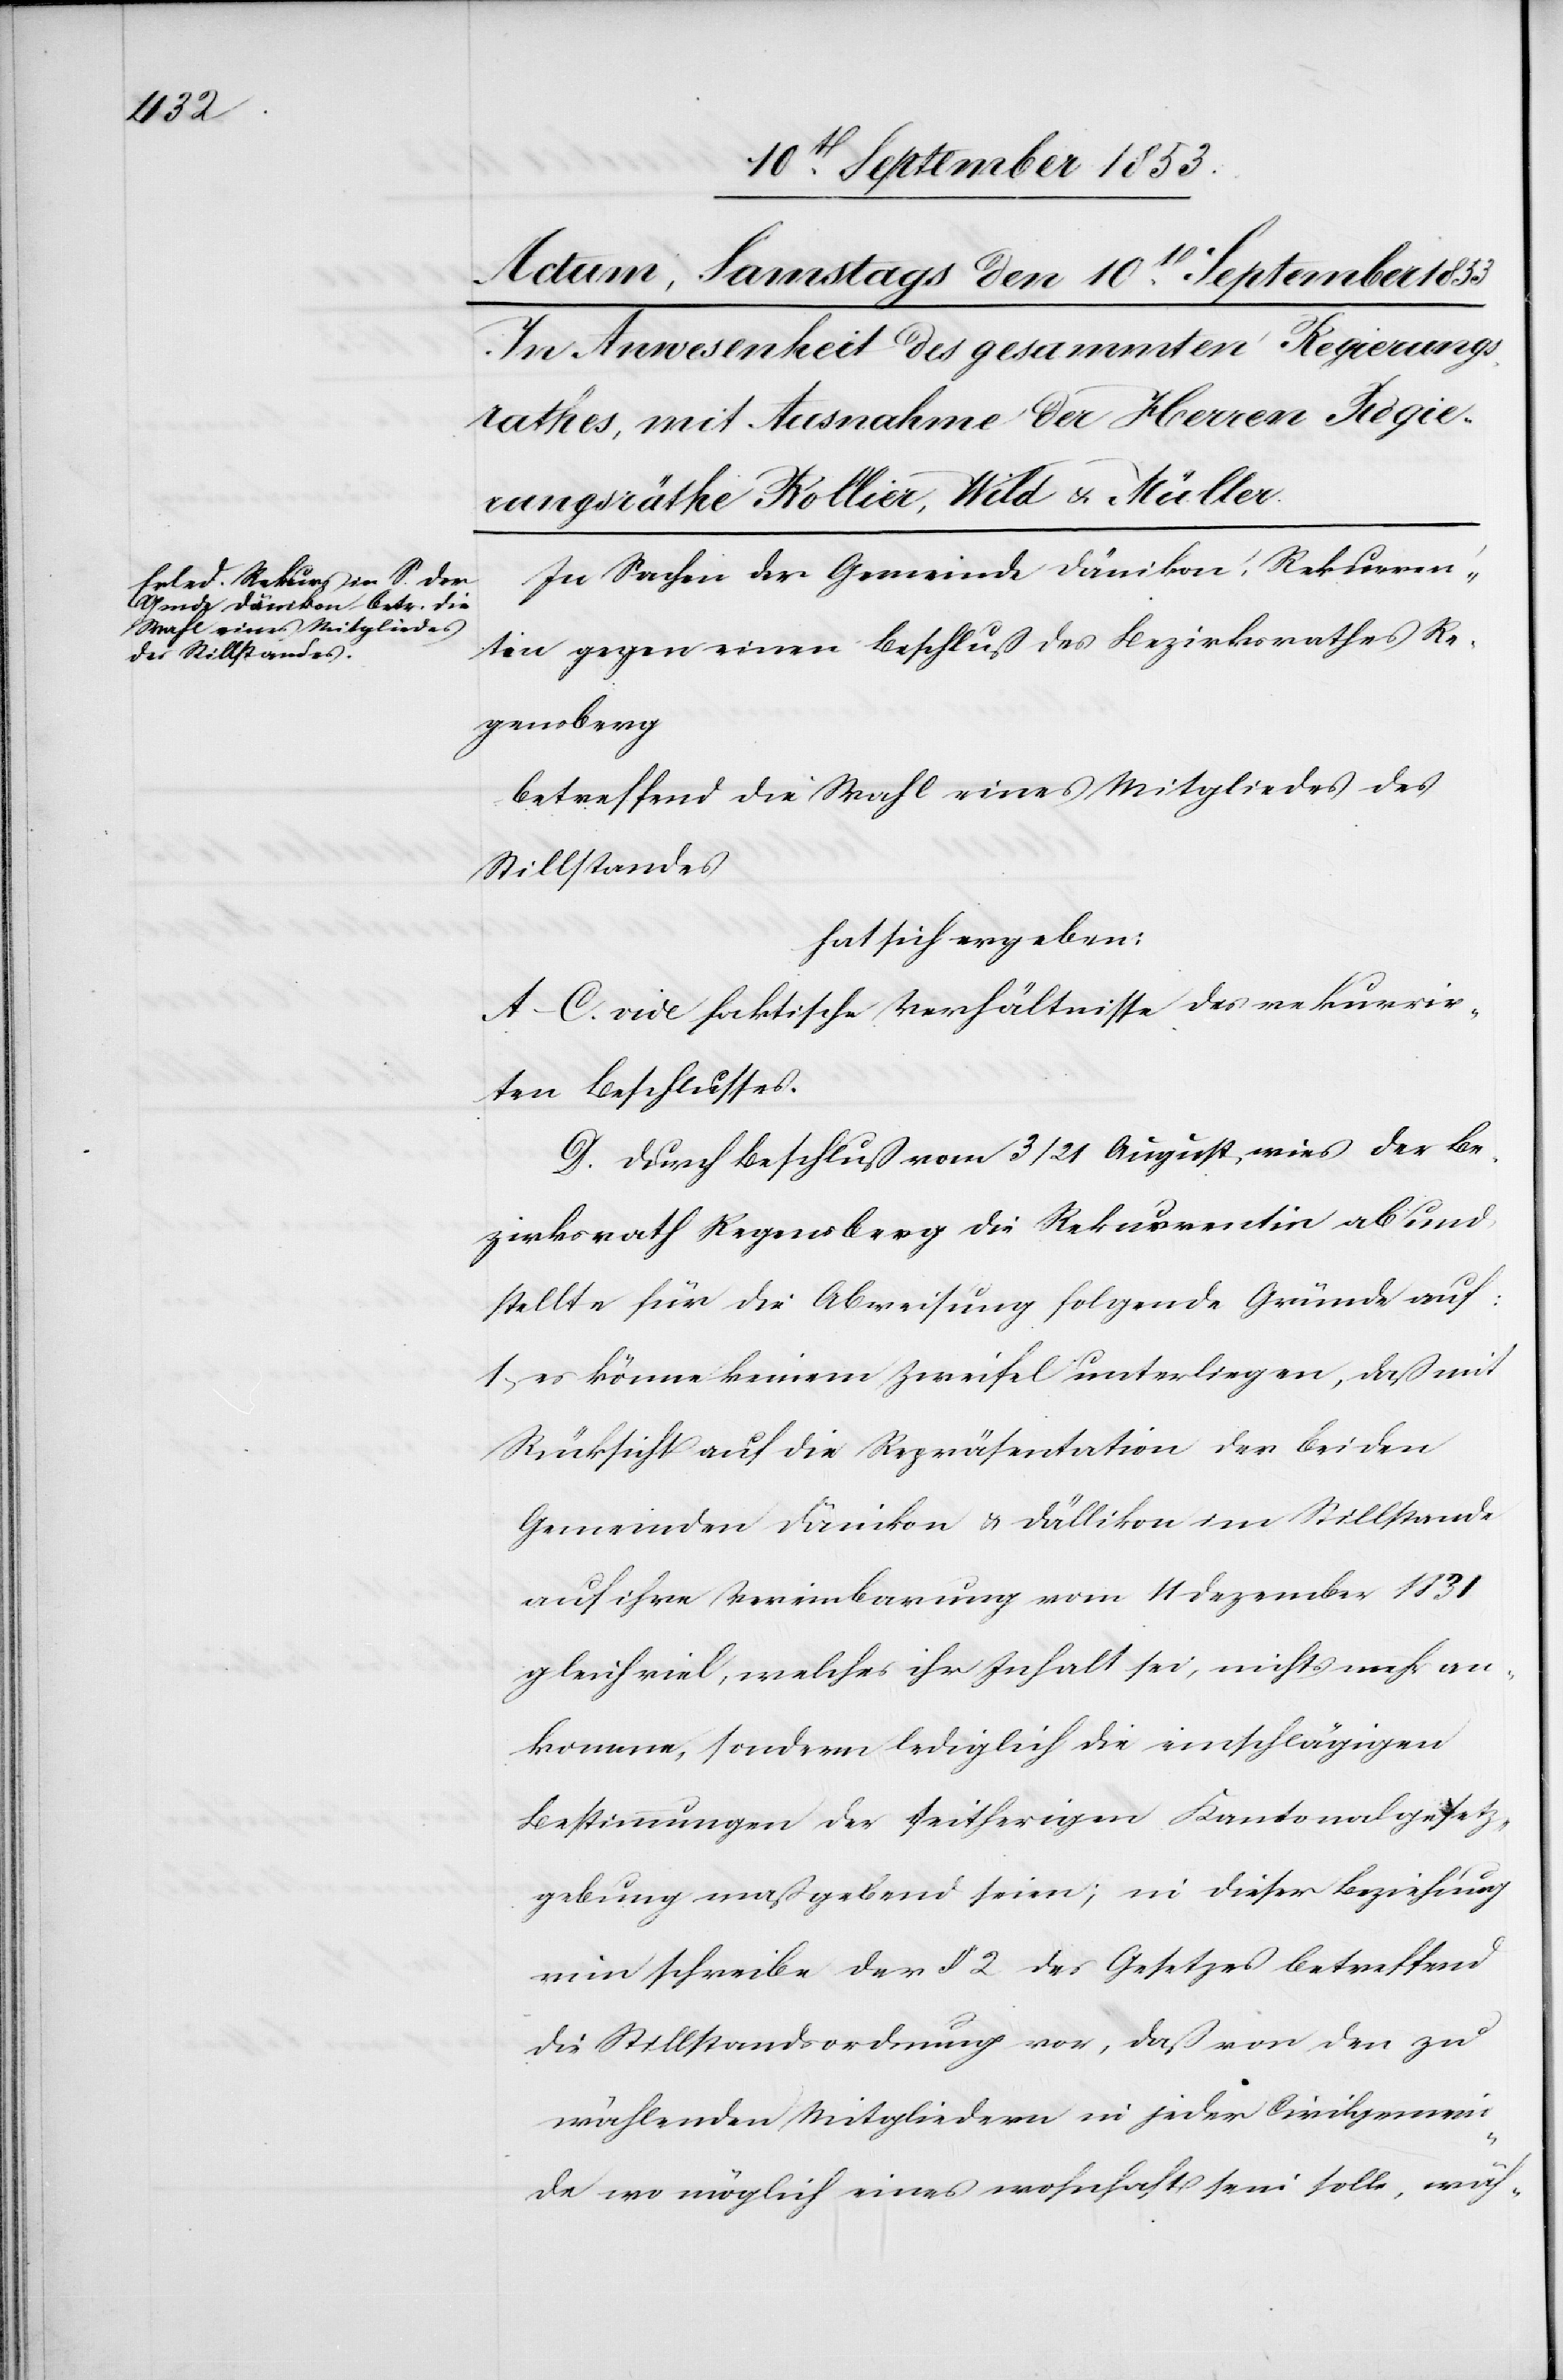
In Sachen der Gemeinde Dänikon, Rekurren¬
tin gegen einen Beschluß des Bezirksrathes Re¬
gensberg
betreffend die Wahl eines Mitgliedes des
Stillstandes
hat sich ergeben:
A–C. vide faktische Verhältnisse des rekurrir¬
ten Beschlusses.
D. Durch Beschluß vom 3/21 August, wies der Be¬
zirksrath Regensberg die Rekurrentin ab und
stellte für die Abweisung folgende Gründe auf:
1, es könne keinem Zweifel unterliegen, daß mit
Rücksicht auf die Repräsentantin der beiden
Gemeinden Dänikon u. Dällikon im Stillstande
auf ihre Vereinbarung vom 11 Dezember 1831
gleichviel, welches ihr Inhalt sei, nichts mehr an¬
komme, sondern lediglich die einschlägigen
Bestimmungen der seitherigen Kantonalgesetz¬
gebung maßgebend seien; in dieser Beziehung
umschreibe der § 2 des Gesetzesbetreffend
die Stillstandsordnung vor, daß ein den zu
wählenden Mitgliedern in jeder Civilgemein¬
de wo möglich eines wohnhaften sein solle, wäh-
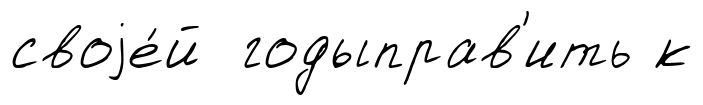
своjе́й годыправ'ить к
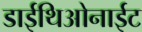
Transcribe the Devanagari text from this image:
डाईथिओनाईट
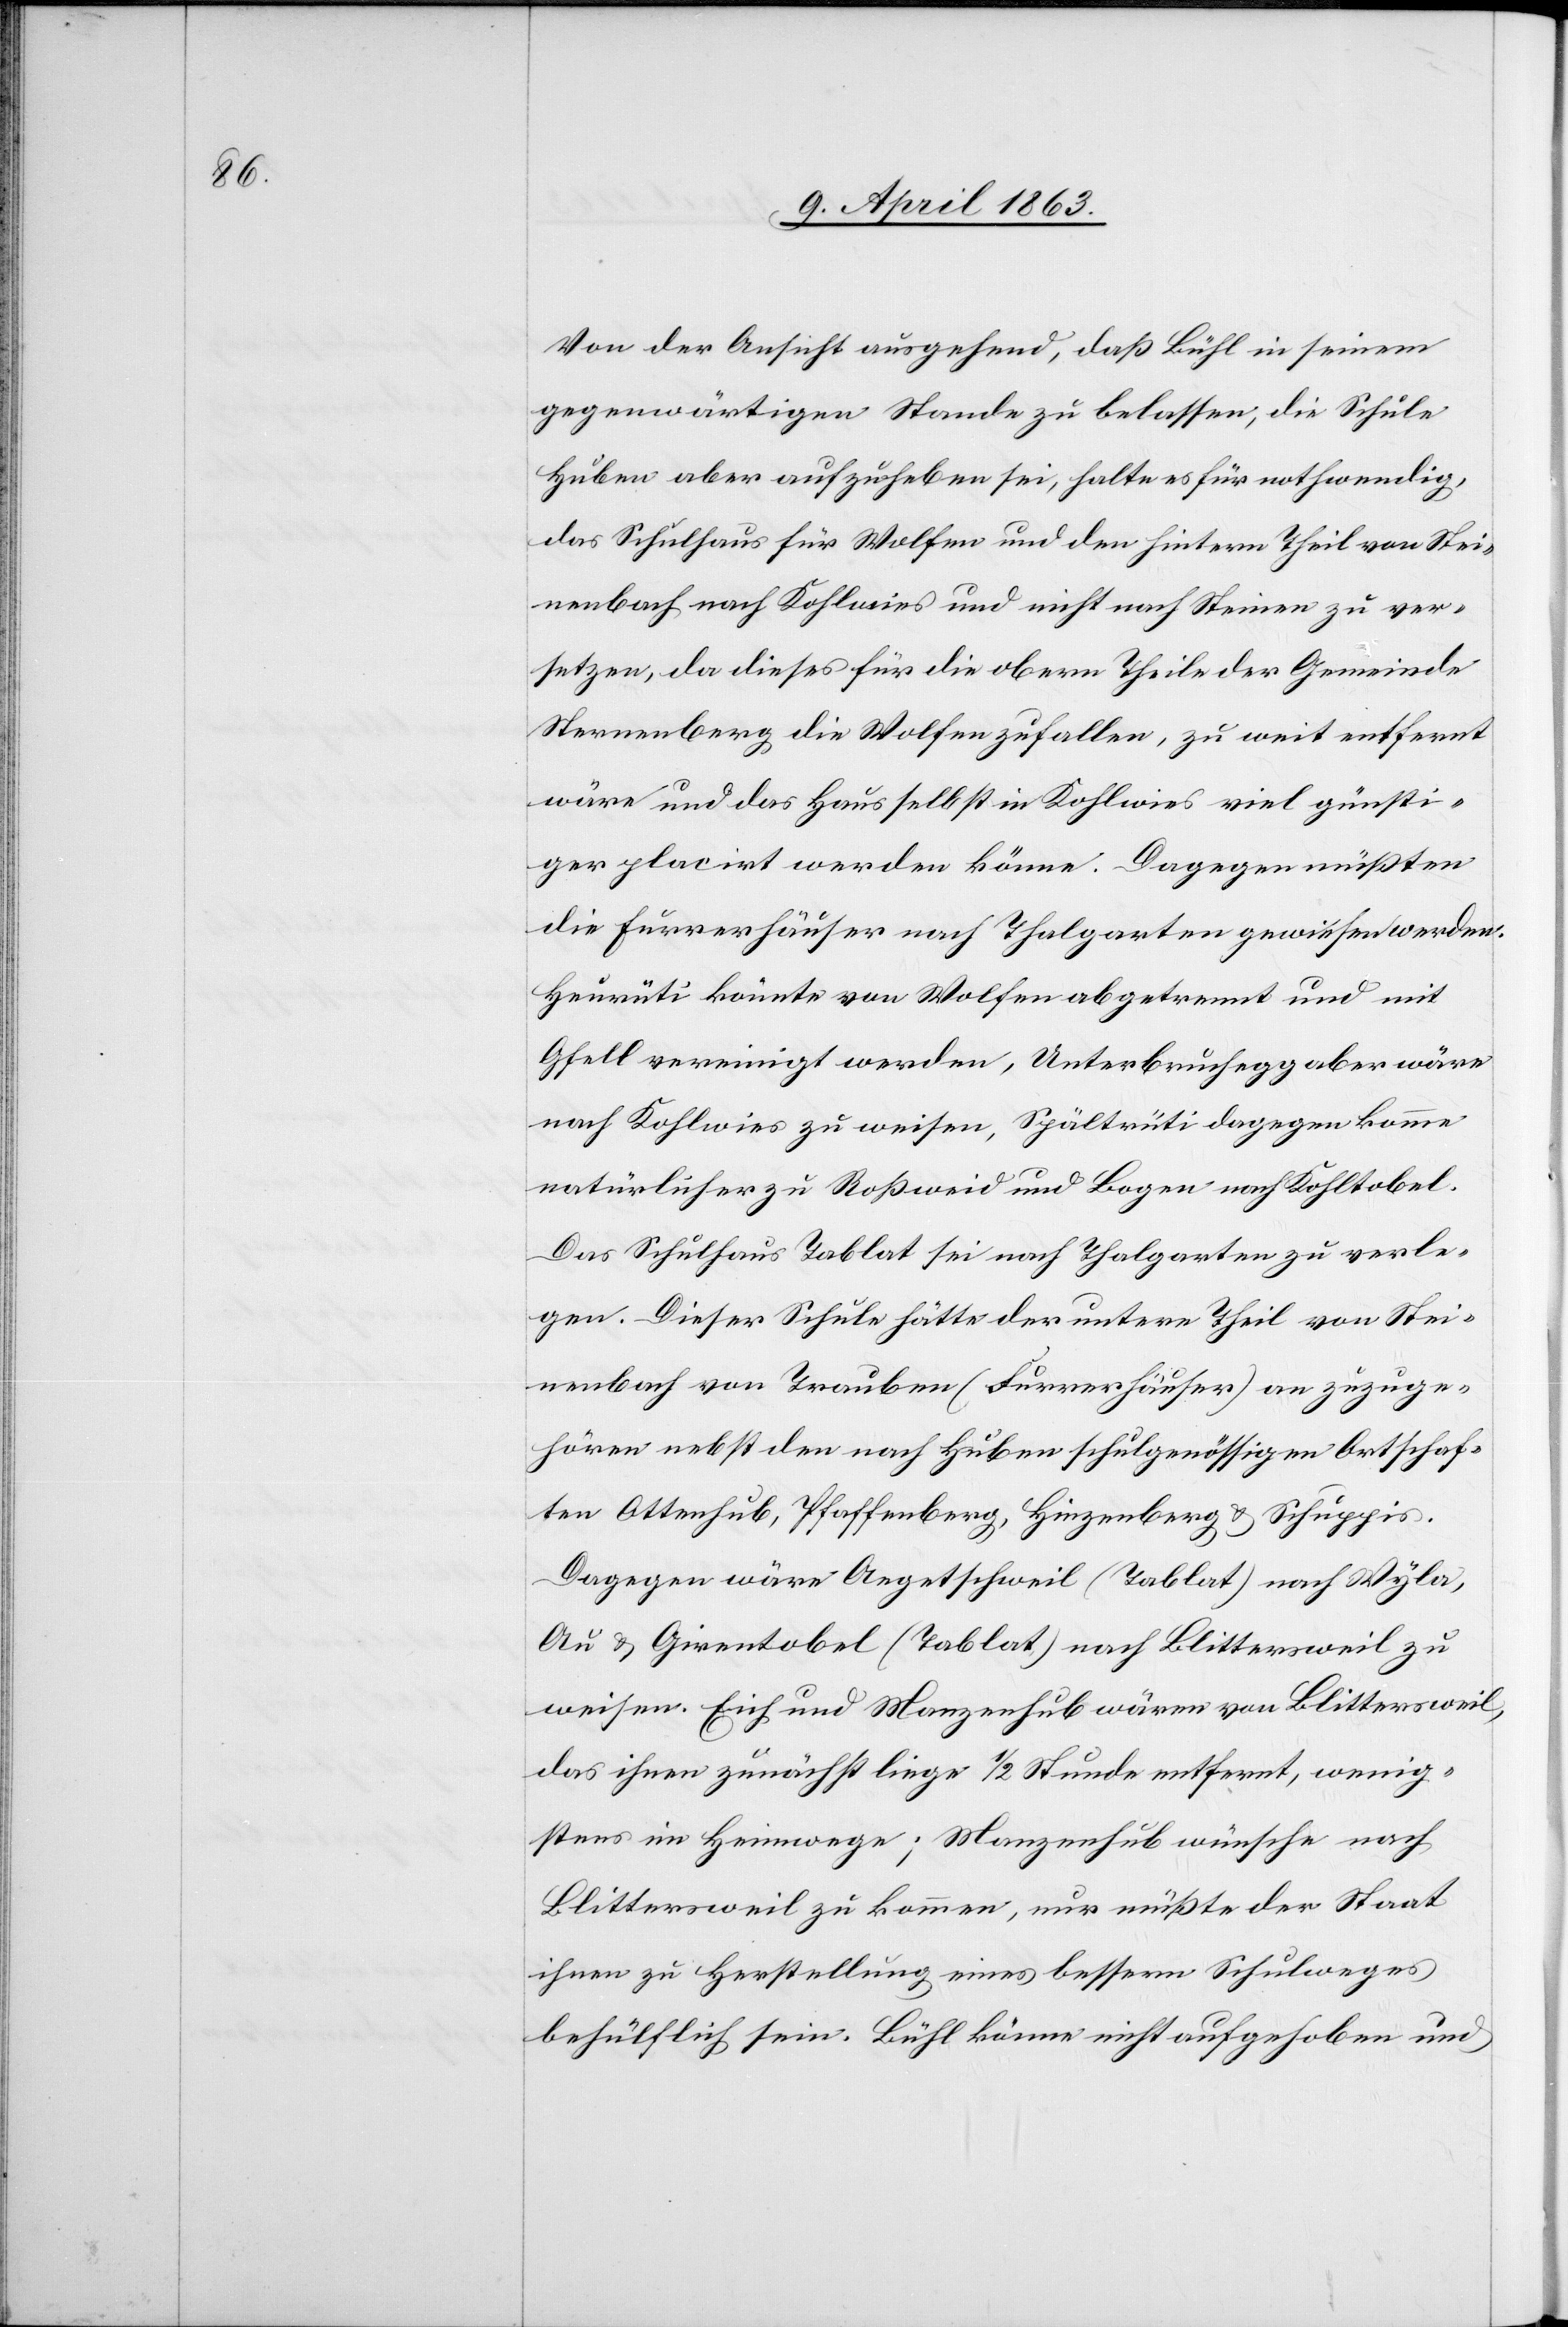
Von der Ansicht ausgehend, daß Bühl in seinem
gegenwärtigen Stande zu belassen, die Schule
Huben aber aufzuheben sei, halte es für nothwendig,
das Schulhaus für Wolfen und den hintern Theil von Stei¬
nenbach nach Kohlwies und nicht nach Steinen zu ver¬
setzen, da dieses für die obern Theile der Gemeinde
Sternenberg die Wolfen zufallen, zu weit entfernt
wäre und das Haus selbst in Kohlwies viel günsti¬
ger placirt werden könne. Dagegen müßten
die Furrerhäuser nach Thalgarten gewiesen werden.
Heurüti könnte von Wolfen abgetrennt und mit
Gfell vereinigt werden, Unterbruchegg aber wäre
nach Kohlwies zu weisen, Spältrüti dagegen komme
natürlicher zu Roßweid und Bogen nach Kohltobel.
Das Schulhaus Tablat sei nach Thalgarten zu verle¬
gen. Dieser Schule hätte der untere Theil von Stei¬
nenbach von Trauben (Furrerhäuser) an zuzuge¬
hören nebst den nach Huben schulgenössigen Ortschaf¬
ten Ottenhub, Pfaffenberg, Hinzenberg & Schuppis.
Dagegen wäre Aegetschweil (Tablat) nach Wyla,
Au & Girentobel (Tablat) nach Blittersweil zu
weisen. Eich und Manzenhub wären von Blittersweil,
das ihnen zunächst liege 1/2 Stunde entfernt, wenig¬
stens im Heimwege; Manzenhub wünsche nach
Blittersweil zu kommen, nur müßte der Staat
ihnen zu Herstellung eines bessern Schulweges
behülflich sein. Bühl könne nicht aufgehoben und
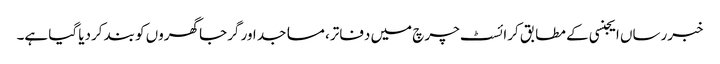
خبررساں ایجنسی کے مطابق کرائسٹ چرچ میں دفاتر، مساجد اور گرجا گھروں کو بند کردیا گیا ہے۔
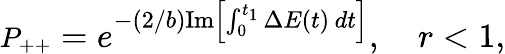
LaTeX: P_{++}\large=e^{-(2/b)\mathrm{Im}\left[\int_{0}^{t_{1}}\Delta E(t)\, dt\right]},\quad r<1,
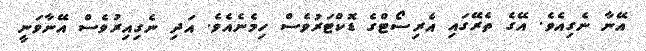
އޭނާ ނެގިއެވެ. އޭގެ ތެރޭގައި އެރިސޯޓްގެ ޑޮކްޓަރުވެސް ހިމެނެއެވެ. އަދި ނެގިއިރުވެސް އޭނާވަނީ
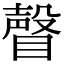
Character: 𥊧
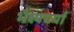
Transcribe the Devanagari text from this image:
भैक्ष्यचर्या
■ ■ ■ ■ ■
Using the records above, report each line with the string "Dänikon".

In Sachen der Gemeinde Dänikon, Rekurren¬
Gemeinden Dänikon u. Dällikon im Stillstande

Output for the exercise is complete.